Data entries:
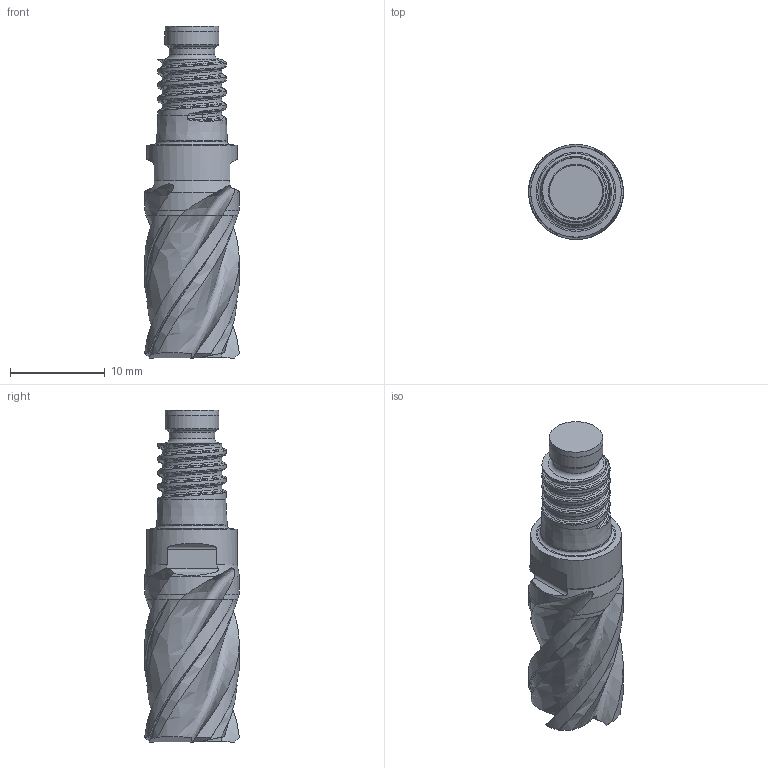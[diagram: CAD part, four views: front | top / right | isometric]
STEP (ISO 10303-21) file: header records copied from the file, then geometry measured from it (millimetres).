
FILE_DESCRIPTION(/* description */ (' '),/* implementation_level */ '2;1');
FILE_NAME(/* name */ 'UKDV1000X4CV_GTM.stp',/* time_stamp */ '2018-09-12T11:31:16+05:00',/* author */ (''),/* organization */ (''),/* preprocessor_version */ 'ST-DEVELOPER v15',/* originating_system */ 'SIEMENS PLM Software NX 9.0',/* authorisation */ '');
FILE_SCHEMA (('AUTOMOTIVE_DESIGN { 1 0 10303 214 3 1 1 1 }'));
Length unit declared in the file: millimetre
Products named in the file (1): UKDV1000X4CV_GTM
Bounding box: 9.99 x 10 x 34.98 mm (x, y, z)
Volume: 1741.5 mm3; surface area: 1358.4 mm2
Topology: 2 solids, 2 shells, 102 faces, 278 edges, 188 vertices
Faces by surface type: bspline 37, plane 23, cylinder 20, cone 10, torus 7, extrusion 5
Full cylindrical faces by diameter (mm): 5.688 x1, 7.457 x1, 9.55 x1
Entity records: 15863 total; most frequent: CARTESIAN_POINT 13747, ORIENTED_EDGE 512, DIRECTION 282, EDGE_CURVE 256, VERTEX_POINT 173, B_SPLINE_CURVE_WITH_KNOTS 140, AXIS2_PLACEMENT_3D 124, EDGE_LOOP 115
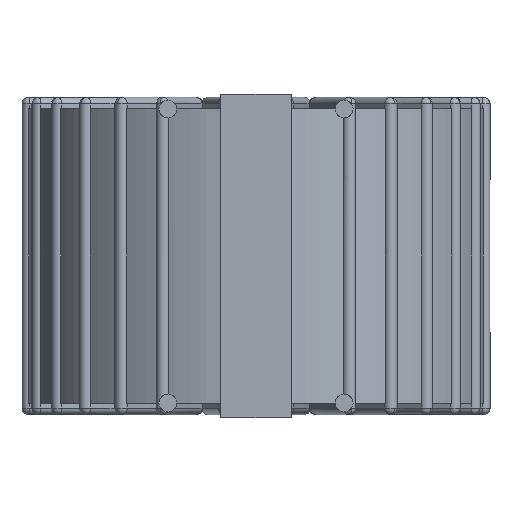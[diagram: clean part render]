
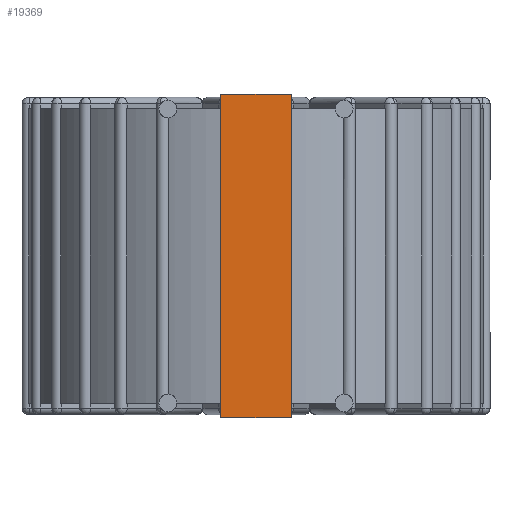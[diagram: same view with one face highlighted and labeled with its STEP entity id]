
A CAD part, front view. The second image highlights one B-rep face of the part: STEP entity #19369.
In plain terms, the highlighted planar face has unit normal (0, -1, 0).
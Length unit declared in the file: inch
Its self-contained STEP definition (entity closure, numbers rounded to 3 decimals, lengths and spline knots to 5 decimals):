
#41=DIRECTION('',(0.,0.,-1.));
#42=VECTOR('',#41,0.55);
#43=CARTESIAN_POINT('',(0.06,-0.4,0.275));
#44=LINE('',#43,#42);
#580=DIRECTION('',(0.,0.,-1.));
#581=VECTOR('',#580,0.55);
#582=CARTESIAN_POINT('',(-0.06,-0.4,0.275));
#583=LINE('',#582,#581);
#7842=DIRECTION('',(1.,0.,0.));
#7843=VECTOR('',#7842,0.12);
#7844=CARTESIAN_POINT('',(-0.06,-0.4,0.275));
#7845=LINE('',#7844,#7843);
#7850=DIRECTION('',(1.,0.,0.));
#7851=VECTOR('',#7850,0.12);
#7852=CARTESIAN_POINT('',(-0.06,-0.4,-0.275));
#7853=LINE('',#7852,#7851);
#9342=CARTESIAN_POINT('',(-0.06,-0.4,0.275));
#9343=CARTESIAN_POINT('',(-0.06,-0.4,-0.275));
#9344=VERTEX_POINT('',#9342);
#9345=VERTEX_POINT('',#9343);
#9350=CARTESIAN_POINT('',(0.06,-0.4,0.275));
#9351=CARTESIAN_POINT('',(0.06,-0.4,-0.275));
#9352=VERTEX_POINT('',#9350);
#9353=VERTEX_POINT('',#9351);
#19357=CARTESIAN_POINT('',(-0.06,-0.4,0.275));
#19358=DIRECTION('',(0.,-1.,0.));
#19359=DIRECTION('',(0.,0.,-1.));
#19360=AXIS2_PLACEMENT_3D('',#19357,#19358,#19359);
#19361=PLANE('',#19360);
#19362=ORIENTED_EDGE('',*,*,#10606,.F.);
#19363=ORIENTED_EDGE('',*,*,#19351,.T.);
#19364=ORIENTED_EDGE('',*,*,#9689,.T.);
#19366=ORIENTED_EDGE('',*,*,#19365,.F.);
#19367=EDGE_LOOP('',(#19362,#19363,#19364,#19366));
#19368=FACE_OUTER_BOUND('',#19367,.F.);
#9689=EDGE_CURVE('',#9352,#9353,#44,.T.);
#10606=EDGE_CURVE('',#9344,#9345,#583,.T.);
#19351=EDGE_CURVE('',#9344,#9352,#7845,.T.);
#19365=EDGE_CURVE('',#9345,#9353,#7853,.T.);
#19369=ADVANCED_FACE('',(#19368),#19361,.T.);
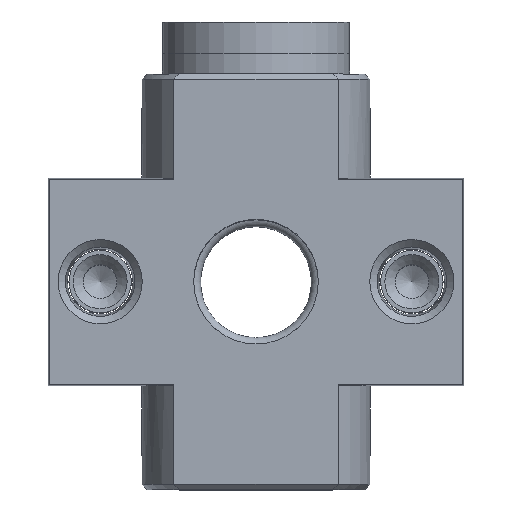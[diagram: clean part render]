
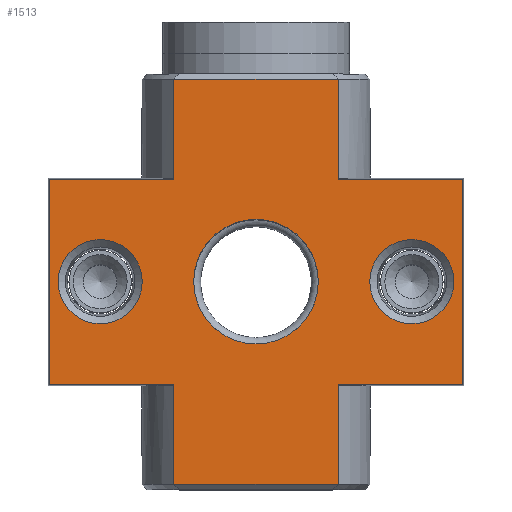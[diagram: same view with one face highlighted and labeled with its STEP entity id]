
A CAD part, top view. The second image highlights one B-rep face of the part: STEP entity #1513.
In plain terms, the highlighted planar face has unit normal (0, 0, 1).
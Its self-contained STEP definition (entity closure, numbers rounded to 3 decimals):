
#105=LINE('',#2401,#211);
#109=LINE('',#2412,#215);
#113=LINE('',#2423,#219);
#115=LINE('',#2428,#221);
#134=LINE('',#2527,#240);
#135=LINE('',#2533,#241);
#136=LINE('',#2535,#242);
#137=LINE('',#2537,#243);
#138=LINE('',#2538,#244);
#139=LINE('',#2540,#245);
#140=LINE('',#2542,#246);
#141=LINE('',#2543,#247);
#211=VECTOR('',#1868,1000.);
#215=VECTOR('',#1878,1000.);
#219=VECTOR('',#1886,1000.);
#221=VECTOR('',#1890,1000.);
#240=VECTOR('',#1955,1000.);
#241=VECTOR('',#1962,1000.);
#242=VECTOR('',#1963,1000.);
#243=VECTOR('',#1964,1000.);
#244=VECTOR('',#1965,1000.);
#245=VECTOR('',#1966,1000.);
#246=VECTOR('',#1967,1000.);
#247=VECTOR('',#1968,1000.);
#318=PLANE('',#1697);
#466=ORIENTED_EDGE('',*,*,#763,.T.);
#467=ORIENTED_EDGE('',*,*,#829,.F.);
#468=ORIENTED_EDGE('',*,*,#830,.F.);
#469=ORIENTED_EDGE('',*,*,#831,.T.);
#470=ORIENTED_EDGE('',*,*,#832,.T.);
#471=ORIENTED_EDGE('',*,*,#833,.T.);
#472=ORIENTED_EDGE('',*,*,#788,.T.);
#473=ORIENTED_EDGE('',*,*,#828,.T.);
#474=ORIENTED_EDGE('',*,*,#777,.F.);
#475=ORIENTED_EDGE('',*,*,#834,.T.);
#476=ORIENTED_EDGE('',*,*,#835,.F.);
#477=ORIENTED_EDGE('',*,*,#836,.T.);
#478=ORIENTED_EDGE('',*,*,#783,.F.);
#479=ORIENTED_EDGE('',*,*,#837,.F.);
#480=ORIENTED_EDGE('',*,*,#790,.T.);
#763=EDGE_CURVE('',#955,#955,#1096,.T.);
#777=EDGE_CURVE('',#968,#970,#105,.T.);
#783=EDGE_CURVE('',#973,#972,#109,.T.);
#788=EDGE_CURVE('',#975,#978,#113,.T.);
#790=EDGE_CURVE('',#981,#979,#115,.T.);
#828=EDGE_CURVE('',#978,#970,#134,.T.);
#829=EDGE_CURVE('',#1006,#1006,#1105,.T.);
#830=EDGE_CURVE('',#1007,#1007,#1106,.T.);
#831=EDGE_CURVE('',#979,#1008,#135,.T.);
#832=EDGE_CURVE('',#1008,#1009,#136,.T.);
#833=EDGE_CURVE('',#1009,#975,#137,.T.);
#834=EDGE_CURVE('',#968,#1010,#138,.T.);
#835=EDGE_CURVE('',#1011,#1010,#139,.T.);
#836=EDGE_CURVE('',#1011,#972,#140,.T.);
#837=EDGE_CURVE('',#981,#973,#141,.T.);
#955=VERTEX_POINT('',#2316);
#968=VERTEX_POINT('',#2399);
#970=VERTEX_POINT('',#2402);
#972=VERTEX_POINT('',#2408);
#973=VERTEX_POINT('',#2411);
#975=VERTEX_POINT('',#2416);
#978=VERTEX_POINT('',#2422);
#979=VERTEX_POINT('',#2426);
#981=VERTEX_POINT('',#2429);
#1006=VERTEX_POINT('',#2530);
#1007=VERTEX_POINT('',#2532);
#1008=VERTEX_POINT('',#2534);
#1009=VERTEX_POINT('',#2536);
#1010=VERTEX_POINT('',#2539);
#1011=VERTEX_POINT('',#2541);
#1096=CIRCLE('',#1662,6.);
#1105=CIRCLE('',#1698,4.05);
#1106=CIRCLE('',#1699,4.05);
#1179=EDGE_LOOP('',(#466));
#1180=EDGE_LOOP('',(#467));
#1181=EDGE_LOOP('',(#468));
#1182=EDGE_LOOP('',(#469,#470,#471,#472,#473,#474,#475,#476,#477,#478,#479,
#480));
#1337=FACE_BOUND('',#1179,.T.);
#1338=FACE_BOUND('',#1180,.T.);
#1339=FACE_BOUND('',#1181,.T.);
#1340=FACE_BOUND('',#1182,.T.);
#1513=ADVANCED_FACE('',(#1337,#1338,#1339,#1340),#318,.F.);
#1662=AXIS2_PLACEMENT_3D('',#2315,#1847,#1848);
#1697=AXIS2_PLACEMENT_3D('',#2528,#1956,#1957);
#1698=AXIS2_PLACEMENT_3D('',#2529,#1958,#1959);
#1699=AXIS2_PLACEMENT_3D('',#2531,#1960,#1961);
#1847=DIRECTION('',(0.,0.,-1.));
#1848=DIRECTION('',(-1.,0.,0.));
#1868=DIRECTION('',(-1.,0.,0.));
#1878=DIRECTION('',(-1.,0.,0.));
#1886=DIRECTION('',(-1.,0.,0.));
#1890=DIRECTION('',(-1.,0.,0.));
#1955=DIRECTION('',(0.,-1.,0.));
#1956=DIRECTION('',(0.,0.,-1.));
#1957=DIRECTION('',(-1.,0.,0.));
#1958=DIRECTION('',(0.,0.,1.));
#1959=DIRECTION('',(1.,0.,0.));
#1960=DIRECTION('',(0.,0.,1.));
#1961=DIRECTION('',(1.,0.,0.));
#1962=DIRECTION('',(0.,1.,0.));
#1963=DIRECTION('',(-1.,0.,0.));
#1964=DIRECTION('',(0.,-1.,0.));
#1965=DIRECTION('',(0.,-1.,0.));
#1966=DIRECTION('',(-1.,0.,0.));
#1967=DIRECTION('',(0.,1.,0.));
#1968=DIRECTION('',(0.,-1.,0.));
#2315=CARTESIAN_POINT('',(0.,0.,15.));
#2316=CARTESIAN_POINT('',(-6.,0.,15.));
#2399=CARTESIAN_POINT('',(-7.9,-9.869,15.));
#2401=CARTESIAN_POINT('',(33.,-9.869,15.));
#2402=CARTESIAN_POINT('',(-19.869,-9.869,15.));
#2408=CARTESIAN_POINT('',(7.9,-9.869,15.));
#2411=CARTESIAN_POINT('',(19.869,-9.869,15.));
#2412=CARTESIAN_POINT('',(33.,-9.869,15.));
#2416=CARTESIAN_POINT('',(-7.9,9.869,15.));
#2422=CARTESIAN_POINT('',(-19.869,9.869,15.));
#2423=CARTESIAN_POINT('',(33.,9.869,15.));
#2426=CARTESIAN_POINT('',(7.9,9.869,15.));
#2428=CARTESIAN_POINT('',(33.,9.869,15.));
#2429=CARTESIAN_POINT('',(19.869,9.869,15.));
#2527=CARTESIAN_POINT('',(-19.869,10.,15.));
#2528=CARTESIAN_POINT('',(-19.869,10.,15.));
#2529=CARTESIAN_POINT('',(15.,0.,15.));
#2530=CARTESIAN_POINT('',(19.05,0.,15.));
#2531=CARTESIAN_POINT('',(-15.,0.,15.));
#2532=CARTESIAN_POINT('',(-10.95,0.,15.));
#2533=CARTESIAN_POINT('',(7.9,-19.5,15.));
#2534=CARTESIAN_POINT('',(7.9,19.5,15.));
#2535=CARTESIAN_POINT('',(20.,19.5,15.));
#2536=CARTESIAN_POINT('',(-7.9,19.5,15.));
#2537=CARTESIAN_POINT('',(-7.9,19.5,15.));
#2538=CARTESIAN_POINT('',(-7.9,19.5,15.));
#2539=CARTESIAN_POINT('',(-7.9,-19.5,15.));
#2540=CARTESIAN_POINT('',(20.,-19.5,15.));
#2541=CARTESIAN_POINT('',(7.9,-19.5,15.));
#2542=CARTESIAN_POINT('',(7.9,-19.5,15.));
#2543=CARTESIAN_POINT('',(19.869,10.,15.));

• **Task to complete**:
Working from the data above, extract solely the lines from the one containing "#1847=DIRECTION('',(0.,0.,-1.));" through the one containing "#2428=CARTESIAN_POINT('',(33.,9.869,15.));", exactly as they appear, both included.

• **Result for this exercise**:
#1847=DIRECTION('',(0.,0.,-1.));
#1848=DIRECTION('',(-1.,0.,0.));
#1868=DIRECTION('',(-1.,0.,0.));
#1878=DIRECTION('',(-1.,0.,0.));
#1886=DIRECTION('',(-1.,0.,0.));
#1890=DIRECTION('',(-1.,0.,0.));
#1955=DIRECTION('',(0.,-1.,0.));
#1956=DIRECTION('',(0.,0.,-1.));
#1957=DIRECTION('',(-1.,0.,0.));
#1958=DIRECTION('',(0.,0.,1.));
#1959=DIRECTION('',(1.,0.,0.));
#1960=DIRECTION('',(0.,0.,1.));
#1961=DIRECTION('',(1.,0.,0.));
#1962=DIRECTION('',(0.,1.,0.));
#1963=DIRECTION('',(-1.,0.,0.));
#1964=DIRECTION('',(0.,-1.,0.));
#1965=DIRECTION('',(0.,-1.,0.));
#1966=DIRECTION('',(-1.,0.,0.));
#1967=DIRECTION('',(0.,1.,0.));
#1968=DIRECTION('',(0.,-1.,0.));
#2315=CARTESIAN_POINT('',(0.,0.,15.));
#2316=CARTESIAN_POINT('',(-6.,0.,15.));
#2399=CARTESIAN_POINT('',(-7.9,-9.869,15.));
#2401=CARTESIAN_POINT('',(33.,-9.869,15.));
#2402=CARTESIAN_POINT('',(-19.869,-9.869,15.));
#2408=CARTESIAN_POINT('',(7.9,-9.869,15.));
#2411=CARTESIAN_POINT('',(19.869,-9.869,15.));
#2412=CARTESIAN_POINT('',(33.,-9.869,15.));
#2416=CARTESIAN_POINT('',(-7.9,9.869,15.));
#2422=CARTESIAN_POINT('',(-19.869,9.869,15.));
#2423=CARTESIAN_POINT('',(33.,9.869,15.));
#2426=CARTESIAN_POINT('',(7.9,9.869,15.));
#2428=CARTESIAN_POINT('',(33.,9.869,15.));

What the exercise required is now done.